Saya ingat mereka membersihkan dan mengeringkan merang. Merang yang demek (agak basah) enggak bisa dibakar. Sesudah dibakar, abu yang berasal dari merang disimpan di baskom atau paso atau ember. Baskom atau paso atau ember berisi abu merang itu pun diisi air. Atau abu merang direndam diaduk-aduk. Sambil diaduk-aduk ditambahkan dengan potongan-potongan jenuk nipis atau diperesin jeruk nipis. Setelah diaduk lalu dinenebin. Dinenebin maksudnya diendapkan. Sesudah abu merangnya neneb, wadah itu ditaro (diletakkan) di genteng atau di tempat terbuka semaleman. Ini maksudnya supaya air abu merang kualitasnya bagus karena sudah kejatohan embun. Sesudah itu air yang abu merangnya sudah neneb, dipindahkan ke wadah lain. Besoknya, air neneban abu merang itu dipakai untuk keramas.
Sering pula saya saksikan empok-empok atau emak-emak tidak melakukan proses sebagaimana diceritakan di atas, tapi mereka langsung keramas dengan abu merang. Katanya, keramas dengan air abu merang atau abu merangnya langsung, rambut akan kesed (kesat), tidak lembab, dan kering. Lebih dari itu, melazimkan keramas dengan abu merang, kataya rambut makin subur dan makin hitam. Mungkin ini benar, karena rambut empok saya terlihat panjang, hitam, dan gembel.

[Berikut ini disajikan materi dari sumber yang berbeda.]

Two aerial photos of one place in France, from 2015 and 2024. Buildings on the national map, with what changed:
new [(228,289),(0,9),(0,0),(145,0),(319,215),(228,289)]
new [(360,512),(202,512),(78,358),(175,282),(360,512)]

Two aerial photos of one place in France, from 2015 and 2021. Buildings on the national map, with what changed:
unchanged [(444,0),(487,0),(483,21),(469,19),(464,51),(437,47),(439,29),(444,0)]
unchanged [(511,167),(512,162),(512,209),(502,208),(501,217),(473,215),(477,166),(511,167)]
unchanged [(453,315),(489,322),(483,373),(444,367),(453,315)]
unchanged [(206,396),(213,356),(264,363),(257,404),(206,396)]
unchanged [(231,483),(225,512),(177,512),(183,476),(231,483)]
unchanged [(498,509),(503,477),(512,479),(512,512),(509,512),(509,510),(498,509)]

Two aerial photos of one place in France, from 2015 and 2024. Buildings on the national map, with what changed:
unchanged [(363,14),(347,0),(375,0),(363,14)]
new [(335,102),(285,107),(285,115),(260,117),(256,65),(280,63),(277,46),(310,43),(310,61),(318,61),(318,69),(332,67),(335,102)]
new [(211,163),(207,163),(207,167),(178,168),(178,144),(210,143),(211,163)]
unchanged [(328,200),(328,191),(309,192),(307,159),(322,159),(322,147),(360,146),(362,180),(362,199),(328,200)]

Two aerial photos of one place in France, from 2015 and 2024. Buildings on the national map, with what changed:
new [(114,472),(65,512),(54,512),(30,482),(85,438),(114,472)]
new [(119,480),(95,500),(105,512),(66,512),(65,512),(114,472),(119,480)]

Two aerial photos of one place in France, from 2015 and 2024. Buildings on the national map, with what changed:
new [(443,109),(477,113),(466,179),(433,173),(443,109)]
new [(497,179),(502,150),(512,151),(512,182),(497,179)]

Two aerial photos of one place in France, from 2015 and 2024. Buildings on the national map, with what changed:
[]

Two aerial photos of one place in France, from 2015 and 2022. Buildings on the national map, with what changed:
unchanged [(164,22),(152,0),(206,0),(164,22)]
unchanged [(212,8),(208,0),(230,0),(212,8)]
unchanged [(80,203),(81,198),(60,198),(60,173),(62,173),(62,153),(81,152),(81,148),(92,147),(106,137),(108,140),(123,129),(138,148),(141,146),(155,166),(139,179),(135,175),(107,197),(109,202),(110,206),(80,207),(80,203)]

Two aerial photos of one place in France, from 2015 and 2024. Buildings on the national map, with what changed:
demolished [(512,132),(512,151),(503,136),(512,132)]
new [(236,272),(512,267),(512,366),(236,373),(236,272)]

Kata ahli permerangan, menggunakan abu merang untuk keramas memang dapat menghitamkan rambut secara alami. Lebih dari itu, jauh lebih aman bagi kesehatan. Kata para ahli, merang itu mengandung zat kimiawi yang hebat. Dikatakan, komposisi kimiawinya sebagai berikut: karbon 1,33 persen, hidrogen 1,54 persen, silika 16,98 persen, dan oksigen 33,64 persen. Karena kandungannya seperti itu, maka merang jadi andalan bahan alami untik shampo. Konon, sejak masa kerajaan, permaisuri dan putri raja berkeramas dan ngerawat rambut pake abu merang.
Tetapi yang sebenarnya seru adalah bagaimana perempuan itu mandi dan keramas menjelng puasa. Dulu pada masa kali atau sungai jernih dan belum tercemar, sesudah asar kaum perempuan (emak-emak dan anak-anak perawannya) berbondong-bondong menuju sungai. Di sungai inilah mereka mandi dan keramas bersama. Itu kebiasaan masa itu. Hal yang sangat biasa dan sudah menjadi radisi.
Mandi di kali untuk keramas menyambut puasa memang dilakukan semua warga, baik laki-laki, perempuan, dan anak-anak tanpa memandang umur. Biasanya yang diatur adalah waktunya saja. Kaum perempuan didahulukan (sesudah asar) dan baru kemudian kaum laki-laki. Pendahuluan kaum perempuan, karena kaum perempuan masih mempunyai tugas setelah mandi dan keramas, yaitu membereskan urusan dapur.
Rupanya, sejak dahulu kala, rambut bagi perempuan adalah mahkota. Makanya perempuan memimpikan dan mendambakan mempunyai rambut sehat dan hitam (apalagi jika hitam ikal mayang). Keramas dengan abu merang ternyata mudah dan ekonomis. Rambut berkilau, subur, hitam, dan tidak ketombean.
Bisa jadi perempuan metropolitan dari generasi alfa, tidak kenal dengan merang. Atau malah mereka tidak tahu merang itu berasal dari pohon apa. Nyatanya memang di kota metropolitan Jakarta, sawah tempat menanam padi sudah tidak ada. Sawah masih ada sih (misalnya di Rorotan, Jakarta Utara), tapi tinggal seicrit. Dari yang seicrit itu jarang makhluk manusia penghuni metropolitan sudi memperhatikannya.
Sejak perusahaan besar kosmetika memproduksi aneka macam sampo, keindahan rambut perempuan dimanjakan oleh produk mereka. Perempuan “dijebak” oleh lenggang-lenggok perempuan (bintang iklan) berambut indah karena dicuci sampo keluaran perusahaan itu. Perempuan kita sudah tidak memahami local wisdom perawatan rambut ala nenek moyang.
Ente sedih melihat kenyataan ini? Atau girang? (Yahya Andi Saputra).